The bundle included the same files as last time. You might remember from last time that we need to join the domain.cert.pem and intermediate.cert.pem to make the fullchain.pem file. I had just cat’d them together and this had caused an issue as there’s no newline character at the end of the first file. I got smarter this time and googled up this solution which did the trick by using echo to insert the newline:

Once that was done, I uploaded them to the nginx directory where I stored them last time. Nginx reloads the config on restart, although there’s probably a neater way as well, so I just restarted the container with Docker compose to pick up the new certificates. While I was doing that I got the ping from Uptime Kuma via ntfy to say it was down, then up. I had a look at the display, and it’s showing I’ve got another 84 days left on the cert.

So, 84 days for me to get around to automating this.

Uptime Kuma & NTFY

Wed, 15 Feb 2023 00:00:00 +0000

Uptime Kuma is a monitoring tool suitable for self-hosting, and as well as being a good tool for monitoring the status of your network and applications, it’s a nice smallish app to get started on Docker containers.

Since it’s in a container, you need to create a volume for it and pass it in to persist your settings. Then it’s just a matter of adding each item you want to monitor. There’s a heap of fancy options for this, the only three I’ve used are ping - just pings an address, http(s) - requests a page and checks the header for a 200, and http(s) keyword - looks at the returned page for a keyword in the html.

You choose the time intervals for all these. Additionally you can set up a notification for each. This is a great idea - I’m not sitting in my datacentre command room watching Uptime Kuma all day, I need to know on my phone if a CAT5 cable’s been pulled out inadvertently while I was vacuuming.

There’s lots of options for how to do this, including messaging platforms such as Telegram and Discord.
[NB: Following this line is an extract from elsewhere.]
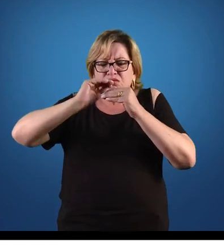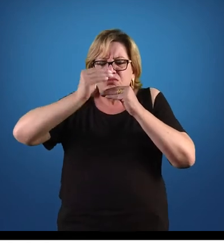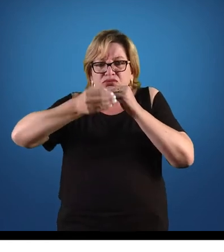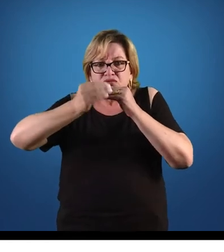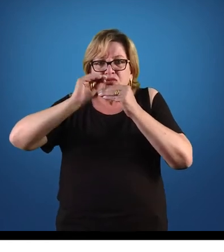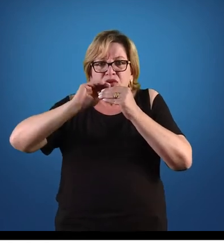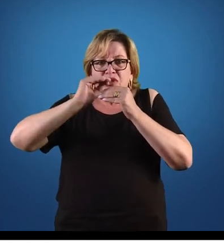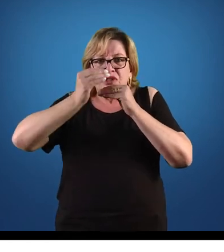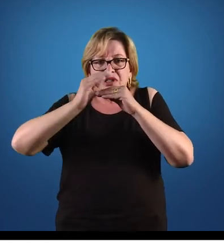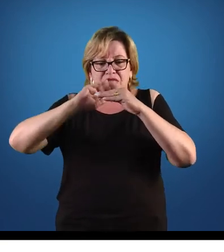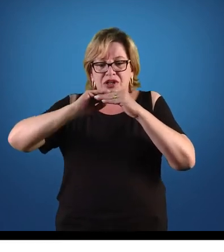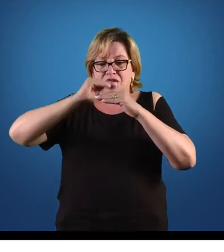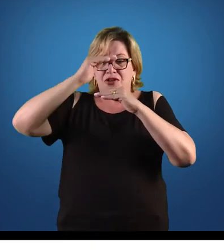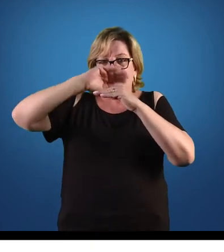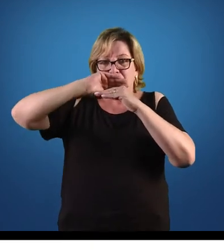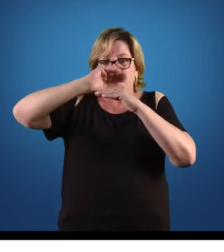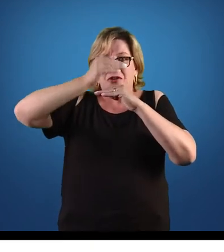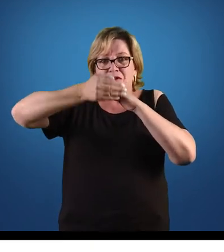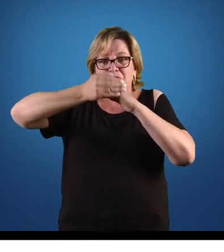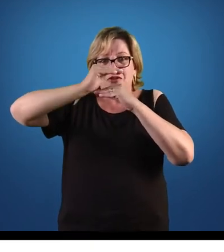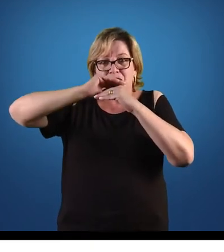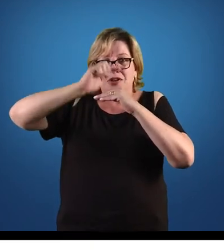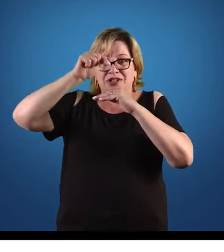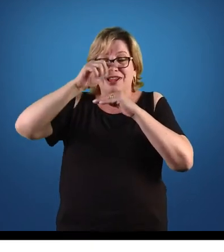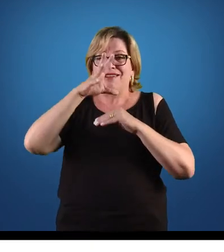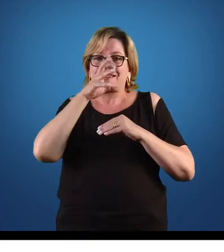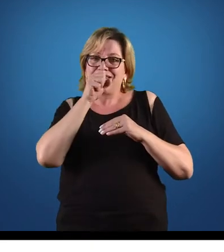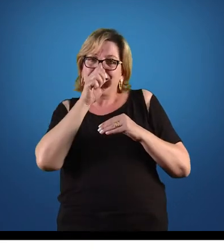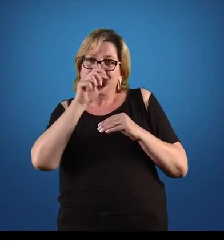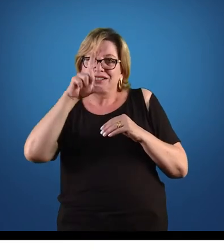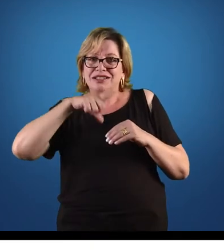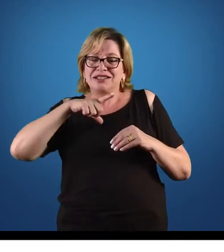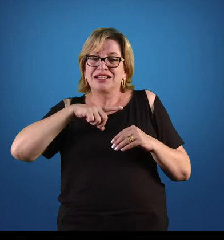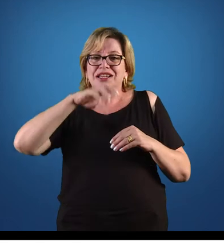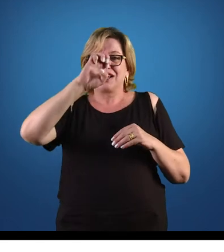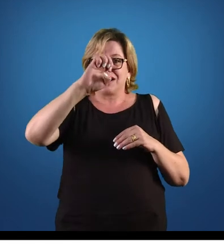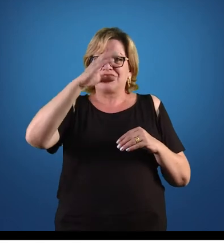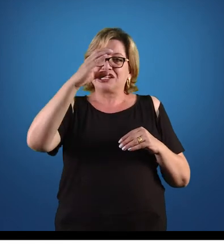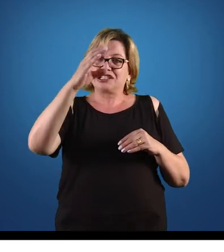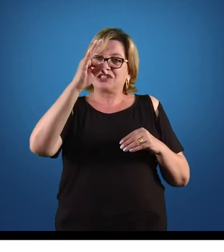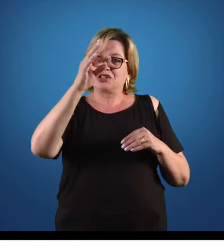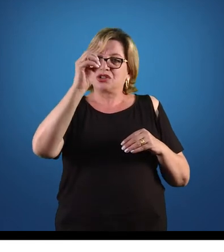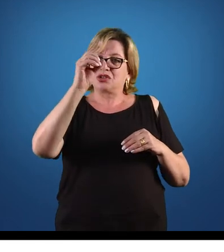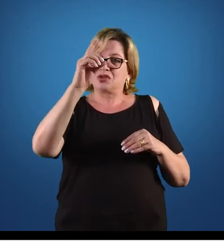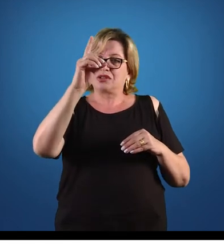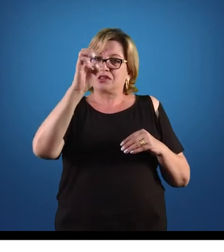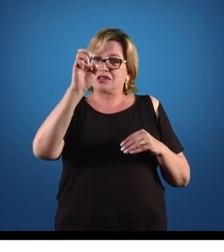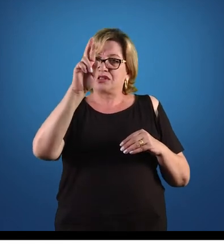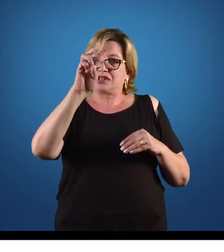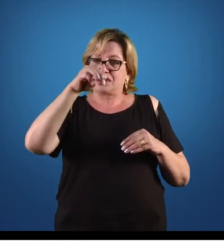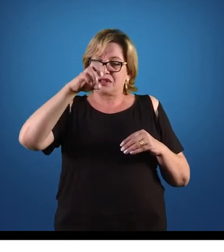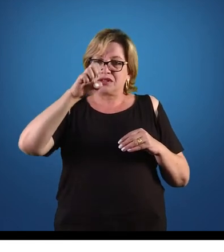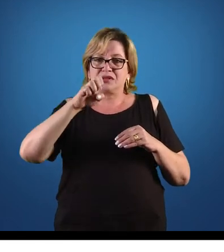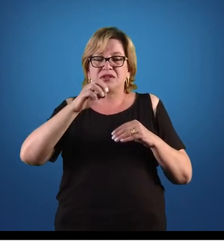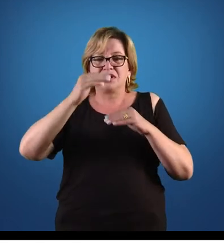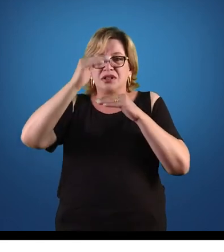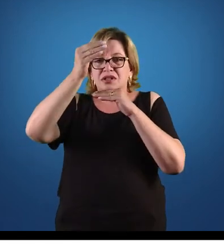também. Do lado de fora, nós temos aqui em laranjado representado a ectoderme, então o tecido mais externo do corpo.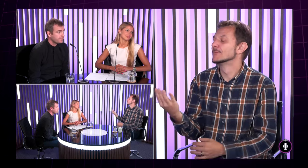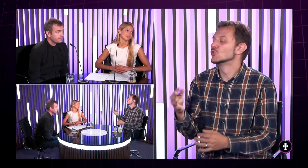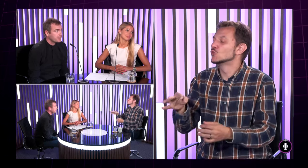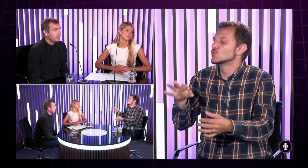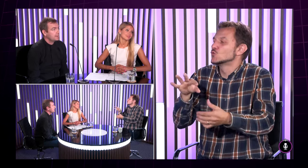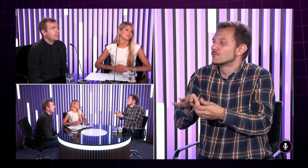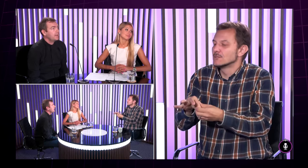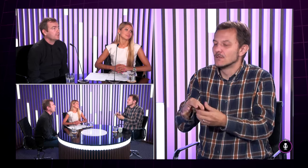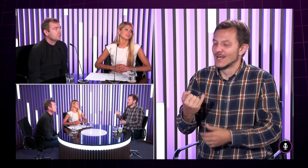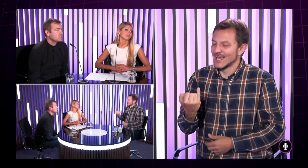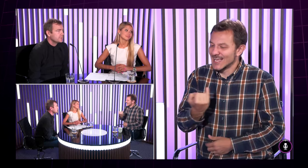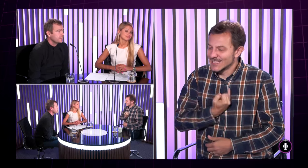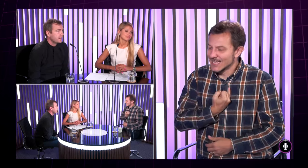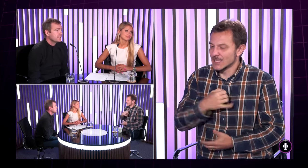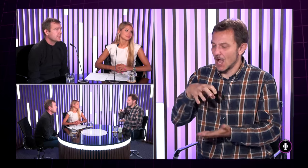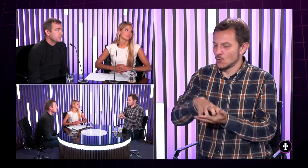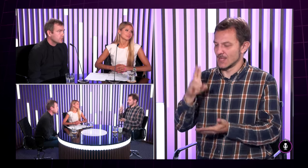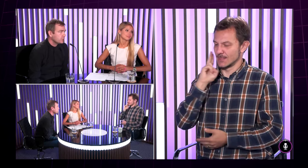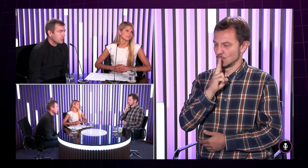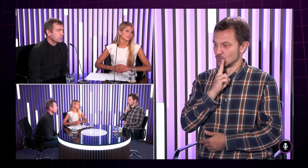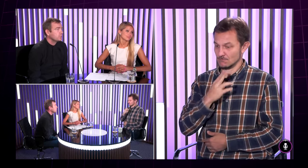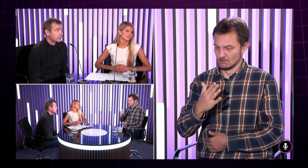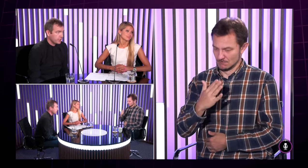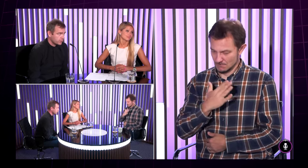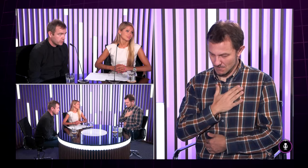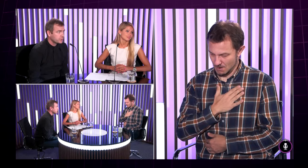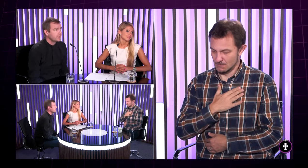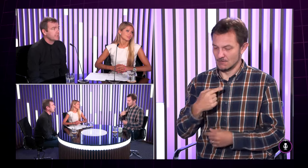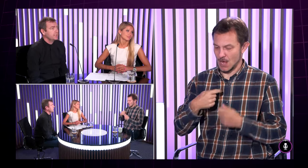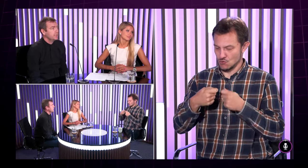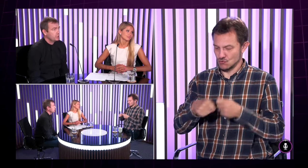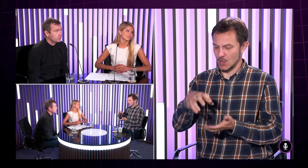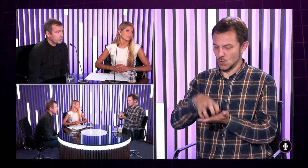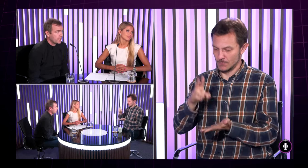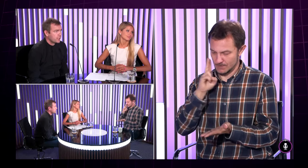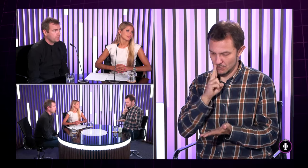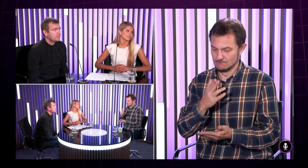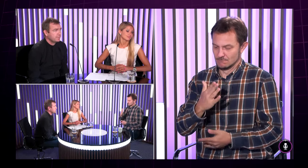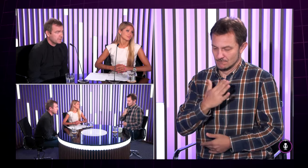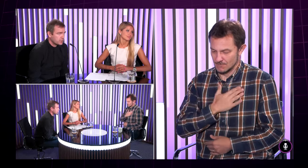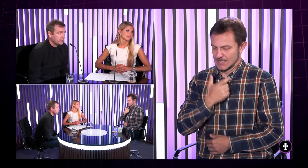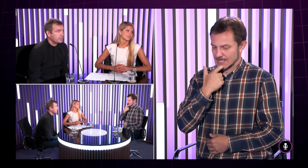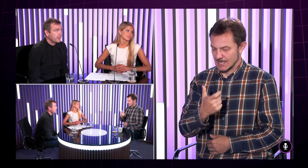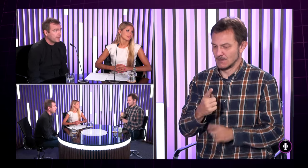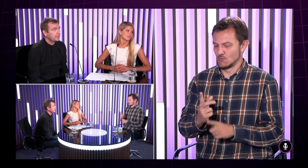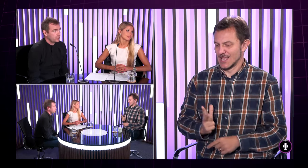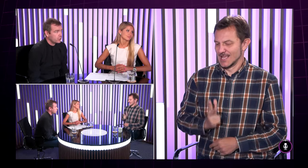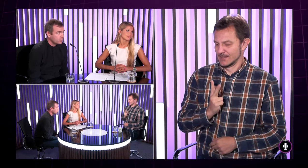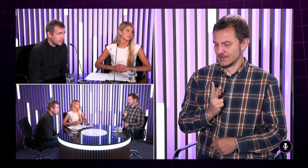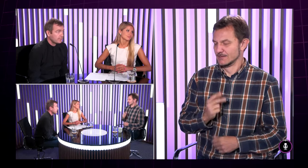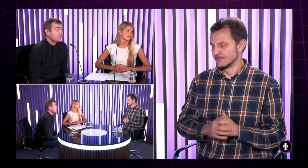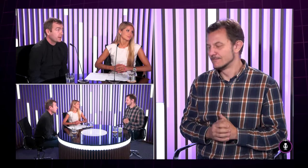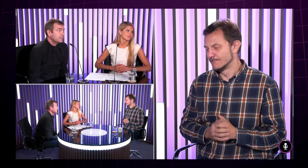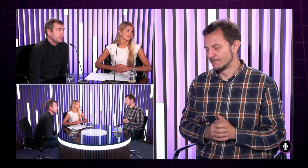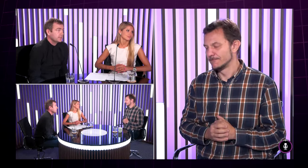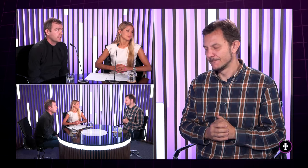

I had a look on r/selfhosted to see what was recommended, and discovered NTFY which is an amazing little service. It has Android and iOS apps, in the app you subscribe to an endpoint, then a notification can be sent to your phone with a simple http get, for example:

curl -d "This message will pop up on phone" ntfy.sh/ian_test

The ian_test part of the url is called the topic, and in the app you can subscribe to several topics. It’s worth noting this is all completely open. Anyone can send messages to the ian_test topic, and anyone can receive them. You should choose a topic name that’s likely to be unique, and be mindful that you’re leaking intelligence. For example:

curl -d "CCTV offline - 12 George St" ntfy.sh/maquarie_bank

would not a be a good use case. Get something more secure for that application. It’s probably not going to be free.

Speaking of which, NTFY is free, including the server. It is possible (and probably a good idea since then you could add a little security) to self host it. It’s such a great little tool, and just so immediately and completely achieved what I wanted with zero drama and low effort, I hit the github sponsor button for it.